*WHAT THE EXERCISE ASKS*: Would you write out the entries below word for word, omitting the pictures?

□ □ □ □

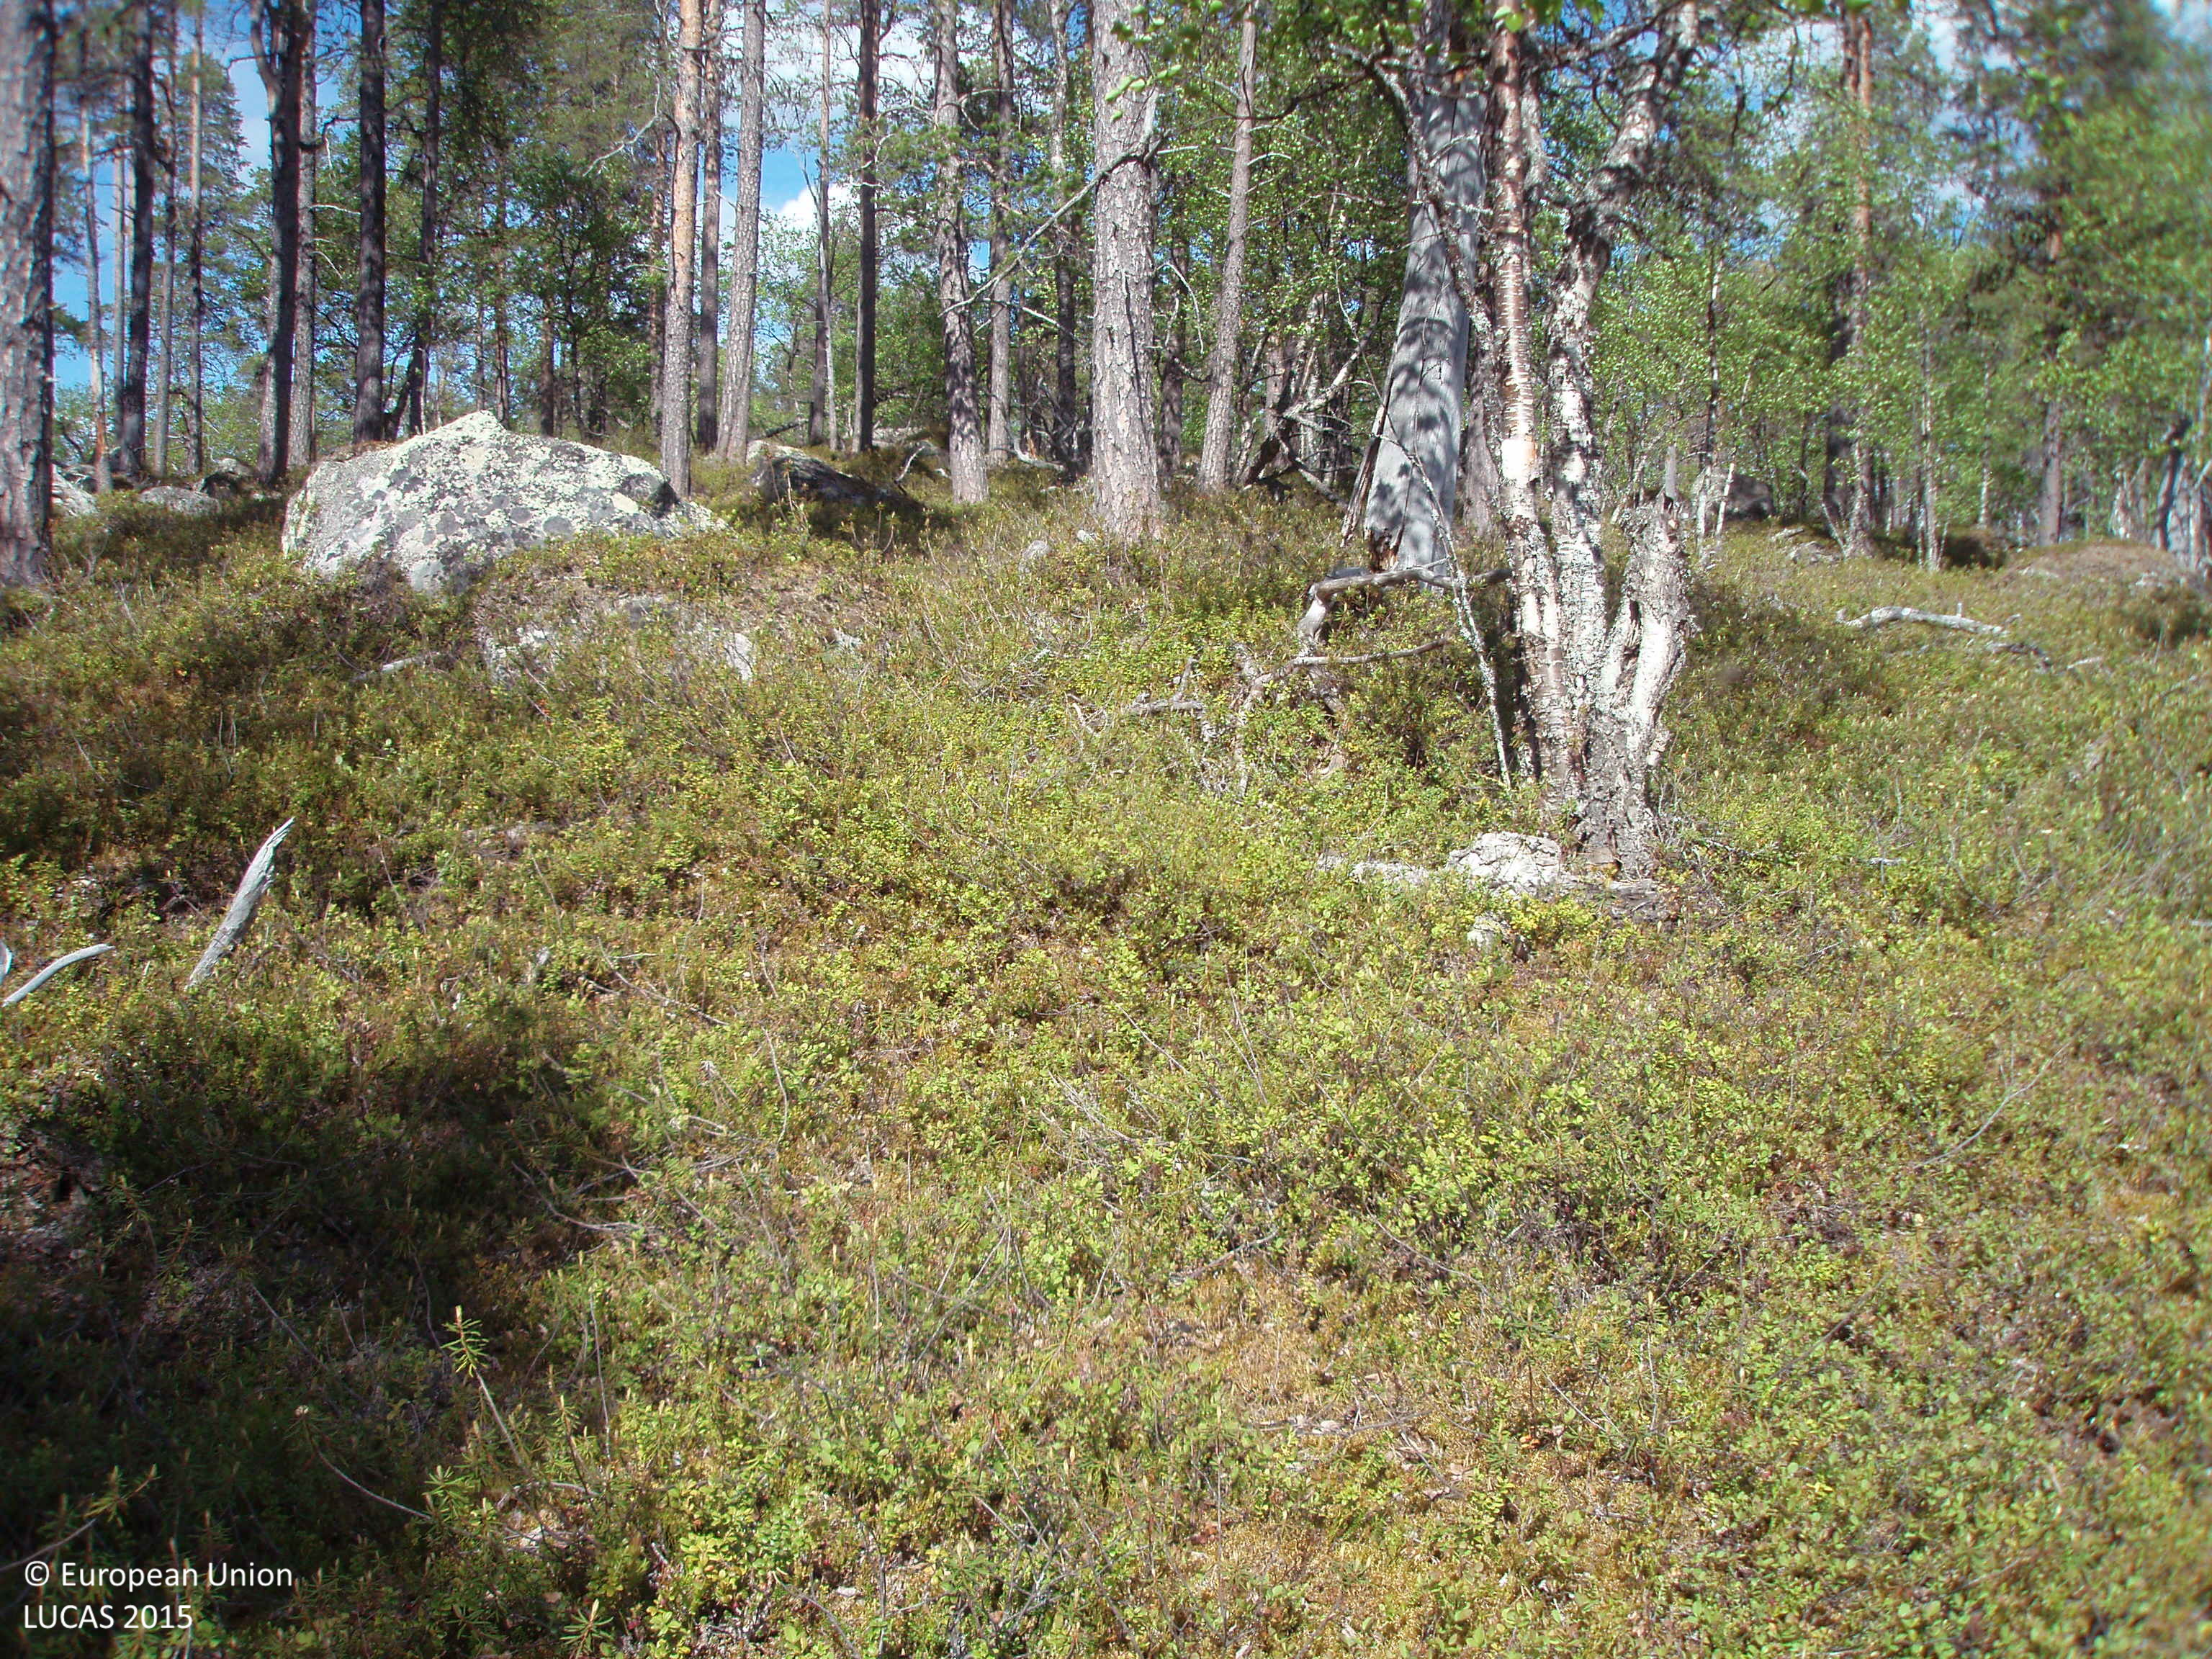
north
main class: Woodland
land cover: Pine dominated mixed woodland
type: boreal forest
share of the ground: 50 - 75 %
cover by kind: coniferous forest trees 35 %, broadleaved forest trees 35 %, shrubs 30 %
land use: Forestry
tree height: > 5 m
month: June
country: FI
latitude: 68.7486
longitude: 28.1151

□ □ □ □

*WRITTEN SOLUTION*:
north
main class: Woodland
land cover: Pine dominated mixed woodland
type: boreal forest
share of the ground: 50 - 75 %
cover by kind: coniferous forest trees 35 %, broadleaved forest trees 35 %, shrubs 30 %
land use: Forestry
tree height: > 5 m
month: June
country: FI
latitude: 68.7486
longitude: 28.1151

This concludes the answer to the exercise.